:: Material for this exercise ::

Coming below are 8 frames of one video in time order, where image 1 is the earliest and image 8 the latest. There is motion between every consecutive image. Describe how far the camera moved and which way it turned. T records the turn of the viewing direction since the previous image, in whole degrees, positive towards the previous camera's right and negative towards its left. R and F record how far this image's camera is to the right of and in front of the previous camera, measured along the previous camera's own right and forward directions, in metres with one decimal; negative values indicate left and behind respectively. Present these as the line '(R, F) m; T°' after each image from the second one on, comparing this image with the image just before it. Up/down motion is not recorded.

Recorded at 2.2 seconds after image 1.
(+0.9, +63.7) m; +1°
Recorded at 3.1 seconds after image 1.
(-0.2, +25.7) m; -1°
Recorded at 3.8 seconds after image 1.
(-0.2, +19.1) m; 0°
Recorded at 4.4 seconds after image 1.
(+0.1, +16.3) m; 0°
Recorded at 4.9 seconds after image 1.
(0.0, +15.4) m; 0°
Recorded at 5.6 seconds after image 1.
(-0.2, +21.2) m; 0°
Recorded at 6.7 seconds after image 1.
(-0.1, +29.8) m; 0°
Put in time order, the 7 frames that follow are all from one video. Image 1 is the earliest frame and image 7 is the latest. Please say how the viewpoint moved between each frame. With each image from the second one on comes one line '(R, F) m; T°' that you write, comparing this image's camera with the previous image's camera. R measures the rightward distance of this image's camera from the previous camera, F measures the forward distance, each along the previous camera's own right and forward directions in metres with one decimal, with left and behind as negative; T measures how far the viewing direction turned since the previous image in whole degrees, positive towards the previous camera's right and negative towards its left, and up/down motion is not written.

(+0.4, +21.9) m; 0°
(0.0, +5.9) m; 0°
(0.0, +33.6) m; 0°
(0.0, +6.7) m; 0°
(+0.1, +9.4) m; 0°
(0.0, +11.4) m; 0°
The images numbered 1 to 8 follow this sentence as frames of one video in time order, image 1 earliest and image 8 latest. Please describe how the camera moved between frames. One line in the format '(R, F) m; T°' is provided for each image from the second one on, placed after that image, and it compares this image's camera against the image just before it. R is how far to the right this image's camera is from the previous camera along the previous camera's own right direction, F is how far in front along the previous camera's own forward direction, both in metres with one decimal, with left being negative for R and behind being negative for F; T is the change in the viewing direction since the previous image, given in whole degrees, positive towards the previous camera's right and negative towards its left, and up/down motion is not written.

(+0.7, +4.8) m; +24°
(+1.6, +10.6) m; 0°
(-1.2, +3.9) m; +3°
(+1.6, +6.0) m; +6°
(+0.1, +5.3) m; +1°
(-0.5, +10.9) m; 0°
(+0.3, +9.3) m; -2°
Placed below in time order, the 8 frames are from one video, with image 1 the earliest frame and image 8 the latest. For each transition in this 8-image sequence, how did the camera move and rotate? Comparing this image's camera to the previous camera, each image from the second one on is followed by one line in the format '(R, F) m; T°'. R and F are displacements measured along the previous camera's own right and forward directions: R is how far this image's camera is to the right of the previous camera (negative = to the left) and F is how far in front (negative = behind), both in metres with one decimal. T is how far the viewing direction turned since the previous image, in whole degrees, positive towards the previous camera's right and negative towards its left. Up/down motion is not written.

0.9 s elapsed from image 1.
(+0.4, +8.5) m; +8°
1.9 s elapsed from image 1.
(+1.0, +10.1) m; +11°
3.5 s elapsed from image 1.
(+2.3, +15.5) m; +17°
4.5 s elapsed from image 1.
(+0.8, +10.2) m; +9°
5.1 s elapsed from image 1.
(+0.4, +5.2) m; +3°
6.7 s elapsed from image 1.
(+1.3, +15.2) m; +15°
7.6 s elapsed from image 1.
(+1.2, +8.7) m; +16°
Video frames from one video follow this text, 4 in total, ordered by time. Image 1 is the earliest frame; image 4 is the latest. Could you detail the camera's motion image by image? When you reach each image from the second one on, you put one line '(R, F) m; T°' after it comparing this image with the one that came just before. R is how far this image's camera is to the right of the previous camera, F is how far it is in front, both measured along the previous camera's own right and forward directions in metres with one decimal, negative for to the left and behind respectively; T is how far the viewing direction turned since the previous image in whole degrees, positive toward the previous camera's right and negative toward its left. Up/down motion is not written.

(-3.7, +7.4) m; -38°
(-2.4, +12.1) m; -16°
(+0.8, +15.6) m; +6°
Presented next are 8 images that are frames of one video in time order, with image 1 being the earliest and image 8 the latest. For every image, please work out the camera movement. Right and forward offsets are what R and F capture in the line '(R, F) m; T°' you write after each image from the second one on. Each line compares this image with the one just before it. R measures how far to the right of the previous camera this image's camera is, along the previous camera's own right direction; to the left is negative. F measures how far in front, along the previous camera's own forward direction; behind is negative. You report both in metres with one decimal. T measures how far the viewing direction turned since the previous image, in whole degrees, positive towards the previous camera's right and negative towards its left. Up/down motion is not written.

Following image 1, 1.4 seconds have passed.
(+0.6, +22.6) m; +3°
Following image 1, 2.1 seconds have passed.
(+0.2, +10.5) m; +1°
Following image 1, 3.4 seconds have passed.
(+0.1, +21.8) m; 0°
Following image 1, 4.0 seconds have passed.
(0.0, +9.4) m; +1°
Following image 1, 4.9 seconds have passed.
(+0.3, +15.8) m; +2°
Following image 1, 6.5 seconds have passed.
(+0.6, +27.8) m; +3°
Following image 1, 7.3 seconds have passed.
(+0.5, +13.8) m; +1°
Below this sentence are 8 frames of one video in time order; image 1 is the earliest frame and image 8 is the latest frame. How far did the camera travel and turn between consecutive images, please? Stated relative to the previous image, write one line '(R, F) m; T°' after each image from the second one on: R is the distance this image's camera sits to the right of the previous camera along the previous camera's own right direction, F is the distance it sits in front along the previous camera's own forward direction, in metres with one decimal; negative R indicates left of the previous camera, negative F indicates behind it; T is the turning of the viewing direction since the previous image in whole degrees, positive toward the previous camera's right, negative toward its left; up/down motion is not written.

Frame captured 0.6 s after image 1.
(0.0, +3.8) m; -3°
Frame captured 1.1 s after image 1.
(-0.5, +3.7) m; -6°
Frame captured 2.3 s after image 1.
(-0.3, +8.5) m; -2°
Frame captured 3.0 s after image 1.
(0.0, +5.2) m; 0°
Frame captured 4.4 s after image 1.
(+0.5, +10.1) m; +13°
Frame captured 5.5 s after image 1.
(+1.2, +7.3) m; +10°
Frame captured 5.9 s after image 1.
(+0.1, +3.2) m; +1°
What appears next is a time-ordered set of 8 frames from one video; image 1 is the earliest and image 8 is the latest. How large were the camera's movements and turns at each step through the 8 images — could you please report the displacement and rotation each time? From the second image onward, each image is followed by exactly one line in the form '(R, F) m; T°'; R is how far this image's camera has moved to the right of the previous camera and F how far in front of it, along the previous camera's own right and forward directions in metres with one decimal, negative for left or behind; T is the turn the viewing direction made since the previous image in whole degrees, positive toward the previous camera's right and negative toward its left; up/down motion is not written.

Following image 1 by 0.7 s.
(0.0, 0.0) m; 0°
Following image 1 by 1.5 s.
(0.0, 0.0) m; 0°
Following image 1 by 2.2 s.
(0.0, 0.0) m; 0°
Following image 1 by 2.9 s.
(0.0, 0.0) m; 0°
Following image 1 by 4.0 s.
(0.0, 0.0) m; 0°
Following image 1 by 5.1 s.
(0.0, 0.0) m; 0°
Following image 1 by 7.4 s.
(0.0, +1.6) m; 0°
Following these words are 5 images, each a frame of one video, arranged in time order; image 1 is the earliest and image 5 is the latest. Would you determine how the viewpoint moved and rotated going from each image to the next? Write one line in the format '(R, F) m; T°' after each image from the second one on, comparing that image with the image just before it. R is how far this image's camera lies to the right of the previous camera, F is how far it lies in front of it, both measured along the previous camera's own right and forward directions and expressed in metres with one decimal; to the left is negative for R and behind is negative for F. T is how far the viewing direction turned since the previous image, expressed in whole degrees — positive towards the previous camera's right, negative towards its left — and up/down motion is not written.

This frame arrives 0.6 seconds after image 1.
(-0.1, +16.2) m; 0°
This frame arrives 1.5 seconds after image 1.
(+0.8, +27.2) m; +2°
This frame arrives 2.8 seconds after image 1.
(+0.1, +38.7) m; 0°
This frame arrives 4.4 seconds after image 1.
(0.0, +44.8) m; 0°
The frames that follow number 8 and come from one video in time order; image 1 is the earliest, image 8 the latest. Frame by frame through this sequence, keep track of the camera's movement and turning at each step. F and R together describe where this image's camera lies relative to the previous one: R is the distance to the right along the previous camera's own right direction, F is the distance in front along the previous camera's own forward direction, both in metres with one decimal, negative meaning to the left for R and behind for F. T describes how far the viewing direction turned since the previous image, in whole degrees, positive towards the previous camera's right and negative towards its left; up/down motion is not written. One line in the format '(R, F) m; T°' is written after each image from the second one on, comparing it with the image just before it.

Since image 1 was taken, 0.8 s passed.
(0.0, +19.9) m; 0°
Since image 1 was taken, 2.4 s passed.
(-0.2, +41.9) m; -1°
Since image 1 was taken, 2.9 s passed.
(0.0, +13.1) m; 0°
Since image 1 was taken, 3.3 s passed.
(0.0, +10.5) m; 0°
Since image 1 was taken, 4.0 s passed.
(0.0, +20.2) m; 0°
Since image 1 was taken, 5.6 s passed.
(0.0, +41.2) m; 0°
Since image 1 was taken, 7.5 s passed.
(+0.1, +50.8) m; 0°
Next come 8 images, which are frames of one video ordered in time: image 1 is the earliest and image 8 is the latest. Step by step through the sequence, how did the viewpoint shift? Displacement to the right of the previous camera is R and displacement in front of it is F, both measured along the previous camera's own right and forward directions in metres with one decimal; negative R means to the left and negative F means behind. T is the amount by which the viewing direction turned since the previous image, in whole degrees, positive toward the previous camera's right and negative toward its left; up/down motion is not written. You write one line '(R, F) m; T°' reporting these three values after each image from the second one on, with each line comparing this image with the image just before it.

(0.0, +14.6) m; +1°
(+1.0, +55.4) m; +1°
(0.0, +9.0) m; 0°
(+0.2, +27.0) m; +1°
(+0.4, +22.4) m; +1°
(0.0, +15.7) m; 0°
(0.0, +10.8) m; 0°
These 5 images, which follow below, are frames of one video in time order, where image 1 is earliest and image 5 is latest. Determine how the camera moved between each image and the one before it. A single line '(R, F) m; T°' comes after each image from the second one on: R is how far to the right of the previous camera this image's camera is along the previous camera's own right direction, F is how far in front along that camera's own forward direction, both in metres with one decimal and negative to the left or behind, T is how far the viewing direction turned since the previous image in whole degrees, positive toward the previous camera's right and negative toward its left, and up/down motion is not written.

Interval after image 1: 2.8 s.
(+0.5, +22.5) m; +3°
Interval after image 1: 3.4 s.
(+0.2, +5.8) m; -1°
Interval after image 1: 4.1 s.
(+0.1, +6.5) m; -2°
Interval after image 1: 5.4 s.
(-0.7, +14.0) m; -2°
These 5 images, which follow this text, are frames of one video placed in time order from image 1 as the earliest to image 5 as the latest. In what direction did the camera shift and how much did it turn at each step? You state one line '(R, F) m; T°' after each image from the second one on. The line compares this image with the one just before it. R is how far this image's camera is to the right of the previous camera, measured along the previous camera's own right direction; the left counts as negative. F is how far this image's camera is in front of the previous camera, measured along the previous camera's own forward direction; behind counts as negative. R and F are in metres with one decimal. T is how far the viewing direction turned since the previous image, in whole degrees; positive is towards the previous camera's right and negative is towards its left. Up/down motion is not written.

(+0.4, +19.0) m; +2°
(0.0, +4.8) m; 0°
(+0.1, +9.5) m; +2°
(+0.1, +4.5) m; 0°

:::

• _Exercise requirements_
Write out an exact transcription of the line with "Interval after image 1: 2.8 s." and of each line after it; stop at the end of the records.

• _Exercise result_
Interval after image 1: 2.8 s.
(+0.5, +22.5) m; +3°
Interval after image 1: 3.4 s.
(+0.2, +5.8) m; -1°
Interval after image 1: 4.1 s.
(+0.1, +6.5) m; -2°
Interval after image 1: 5.4 s.
(-0.7, +14.0) m; -2°
These 5 images, which follow this text, are frames of one video placed in time order from image 1 as the earliest to image 5 as the latest. In what direction did the camera shift and how much did it turn at each step? You state one line '(R, F) m; T°' after each image from the second one on. The line compares this image with the one just before it. R is how far this image's camera is to the right of the previous camera, measured along the previous camera's own right direction; the left counts as negative. F is how far this image's camera is in front of the previous camera, measured along the previous camera's own forward direction; behind counts as negative. R and F are in metres with one decimal. T is how far the viewing direction turned since the previous image, in whole degrees; positive is towards the previous camera's right and negative is towards its left. Up/down motion is not written.

(+0.4, +19.0) m; +2°
(0.0, +4.8) m; 0°
(+0.1, +9.5) m; +2°
(+0.1, +4.5) m; 0°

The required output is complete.